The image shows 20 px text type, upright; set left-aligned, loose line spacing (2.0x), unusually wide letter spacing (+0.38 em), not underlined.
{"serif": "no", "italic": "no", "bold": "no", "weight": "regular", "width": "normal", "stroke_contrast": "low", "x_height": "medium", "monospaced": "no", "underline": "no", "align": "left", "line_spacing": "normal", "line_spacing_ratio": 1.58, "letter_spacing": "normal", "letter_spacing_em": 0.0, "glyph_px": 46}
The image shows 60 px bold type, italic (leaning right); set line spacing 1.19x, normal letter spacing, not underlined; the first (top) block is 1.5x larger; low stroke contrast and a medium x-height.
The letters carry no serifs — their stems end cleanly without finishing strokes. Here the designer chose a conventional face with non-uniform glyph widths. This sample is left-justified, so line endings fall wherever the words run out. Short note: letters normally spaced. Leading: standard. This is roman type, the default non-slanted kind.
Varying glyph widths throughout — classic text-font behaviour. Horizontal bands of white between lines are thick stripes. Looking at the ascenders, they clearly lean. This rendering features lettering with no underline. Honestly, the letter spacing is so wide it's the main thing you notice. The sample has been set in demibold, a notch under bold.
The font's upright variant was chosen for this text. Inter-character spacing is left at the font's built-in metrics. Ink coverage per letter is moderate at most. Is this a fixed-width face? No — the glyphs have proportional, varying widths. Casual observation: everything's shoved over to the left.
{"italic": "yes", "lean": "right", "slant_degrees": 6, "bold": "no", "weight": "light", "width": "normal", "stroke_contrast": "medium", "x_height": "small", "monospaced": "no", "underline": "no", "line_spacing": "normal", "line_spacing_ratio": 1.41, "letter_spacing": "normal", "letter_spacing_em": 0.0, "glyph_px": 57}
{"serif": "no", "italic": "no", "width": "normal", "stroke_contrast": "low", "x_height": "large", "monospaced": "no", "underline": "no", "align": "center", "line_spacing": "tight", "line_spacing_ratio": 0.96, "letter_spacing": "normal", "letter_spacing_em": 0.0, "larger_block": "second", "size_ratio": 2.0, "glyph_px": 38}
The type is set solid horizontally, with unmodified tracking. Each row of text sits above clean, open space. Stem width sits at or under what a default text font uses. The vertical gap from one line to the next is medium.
++++++++
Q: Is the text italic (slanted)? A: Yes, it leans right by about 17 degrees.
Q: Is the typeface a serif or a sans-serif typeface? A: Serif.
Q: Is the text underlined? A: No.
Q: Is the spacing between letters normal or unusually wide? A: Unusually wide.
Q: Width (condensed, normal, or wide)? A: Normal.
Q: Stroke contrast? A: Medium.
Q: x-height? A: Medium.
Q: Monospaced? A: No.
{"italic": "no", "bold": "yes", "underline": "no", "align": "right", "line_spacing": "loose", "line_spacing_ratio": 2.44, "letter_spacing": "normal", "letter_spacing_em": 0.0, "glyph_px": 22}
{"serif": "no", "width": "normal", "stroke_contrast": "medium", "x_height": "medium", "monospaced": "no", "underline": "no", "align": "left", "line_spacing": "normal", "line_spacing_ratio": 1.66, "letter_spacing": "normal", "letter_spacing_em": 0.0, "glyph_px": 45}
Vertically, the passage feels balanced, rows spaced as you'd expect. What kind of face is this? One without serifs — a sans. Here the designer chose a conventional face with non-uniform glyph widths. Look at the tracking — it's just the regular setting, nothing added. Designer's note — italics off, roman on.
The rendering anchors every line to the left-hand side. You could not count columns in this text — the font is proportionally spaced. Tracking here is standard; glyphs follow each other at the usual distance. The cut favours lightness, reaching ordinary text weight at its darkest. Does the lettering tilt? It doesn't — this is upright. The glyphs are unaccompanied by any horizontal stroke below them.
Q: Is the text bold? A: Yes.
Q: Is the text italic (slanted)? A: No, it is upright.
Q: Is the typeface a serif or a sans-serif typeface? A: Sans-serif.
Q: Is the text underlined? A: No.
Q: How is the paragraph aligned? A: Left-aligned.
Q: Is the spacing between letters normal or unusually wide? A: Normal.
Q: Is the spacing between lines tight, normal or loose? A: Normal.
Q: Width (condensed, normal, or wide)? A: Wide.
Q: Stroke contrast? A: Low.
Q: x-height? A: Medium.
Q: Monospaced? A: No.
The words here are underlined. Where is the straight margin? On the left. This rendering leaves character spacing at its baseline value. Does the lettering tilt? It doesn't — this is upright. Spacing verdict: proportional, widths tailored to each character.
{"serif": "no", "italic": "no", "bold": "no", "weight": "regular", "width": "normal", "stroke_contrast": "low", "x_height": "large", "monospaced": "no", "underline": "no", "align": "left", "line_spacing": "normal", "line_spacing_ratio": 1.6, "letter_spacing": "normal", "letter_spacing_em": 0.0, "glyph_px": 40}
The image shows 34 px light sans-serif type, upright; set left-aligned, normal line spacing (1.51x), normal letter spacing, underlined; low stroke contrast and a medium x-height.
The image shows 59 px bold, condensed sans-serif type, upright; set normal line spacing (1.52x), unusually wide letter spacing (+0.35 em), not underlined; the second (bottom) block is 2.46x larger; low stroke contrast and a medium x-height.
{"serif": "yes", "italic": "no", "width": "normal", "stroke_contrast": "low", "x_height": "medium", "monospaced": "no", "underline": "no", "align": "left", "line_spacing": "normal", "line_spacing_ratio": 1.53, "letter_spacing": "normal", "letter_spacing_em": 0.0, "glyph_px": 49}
++++++++
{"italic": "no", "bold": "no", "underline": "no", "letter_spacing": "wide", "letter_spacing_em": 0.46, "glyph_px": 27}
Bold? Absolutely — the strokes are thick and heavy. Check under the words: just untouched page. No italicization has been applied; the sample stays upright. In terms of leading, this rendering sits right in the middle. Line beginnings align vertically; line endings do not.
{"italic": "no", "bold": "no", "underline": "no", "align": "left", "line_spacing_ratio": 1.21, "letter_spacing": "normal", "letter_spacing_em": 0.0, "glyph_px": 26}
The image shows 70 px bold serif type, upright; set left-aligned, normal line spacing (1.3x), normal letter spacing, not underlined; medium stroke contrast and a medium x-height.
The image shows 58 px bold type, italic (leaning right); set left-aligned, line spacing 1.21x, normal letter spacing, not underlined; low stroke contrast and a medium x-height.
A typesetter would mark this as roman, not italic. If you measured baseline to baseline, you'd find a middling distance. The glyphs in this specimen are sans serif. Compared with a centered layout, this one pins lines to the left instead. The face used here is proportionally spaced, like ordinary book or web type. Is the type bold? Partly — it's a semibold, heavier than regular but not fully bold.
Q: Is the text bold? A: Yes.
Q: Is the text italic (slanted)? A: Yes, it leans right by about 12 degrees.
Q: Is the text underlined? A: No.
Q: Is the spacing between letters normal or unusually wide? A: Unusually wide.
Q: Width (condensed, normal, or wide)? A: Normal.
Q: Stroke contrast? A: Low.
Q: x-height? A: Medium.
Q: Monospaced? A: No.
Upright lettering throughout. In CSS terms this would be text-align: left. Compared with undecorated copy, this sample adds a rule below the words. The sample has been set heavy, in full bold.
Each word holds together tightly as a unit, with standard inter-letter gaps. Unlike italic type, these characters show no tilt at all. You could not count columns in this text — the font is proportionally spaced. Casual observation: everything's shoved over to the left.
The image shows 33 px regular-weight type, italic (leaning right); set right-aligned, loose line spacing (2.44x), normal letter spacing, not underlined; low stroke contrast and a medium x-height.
++++++++
Task to complete: Write down, word for word, the lines above from the one containing "Each word holds" through the one containing "The image shows 33", both ends included.

Reply:
Each word holds together tightly as a unit, with standard inter-letter gaps. Unlike italic type, these characters show no tilt at all. You could not count columns in this text — the font is proportionally spaced. Casual observation: everything's shoved over to the left.
The image shows 33 px regular-weight type, italic (leaning right); set right-aligned, loose line spacing (2.44x), normal letter spacing, not underlined; low stroke contrast and a medium x-height.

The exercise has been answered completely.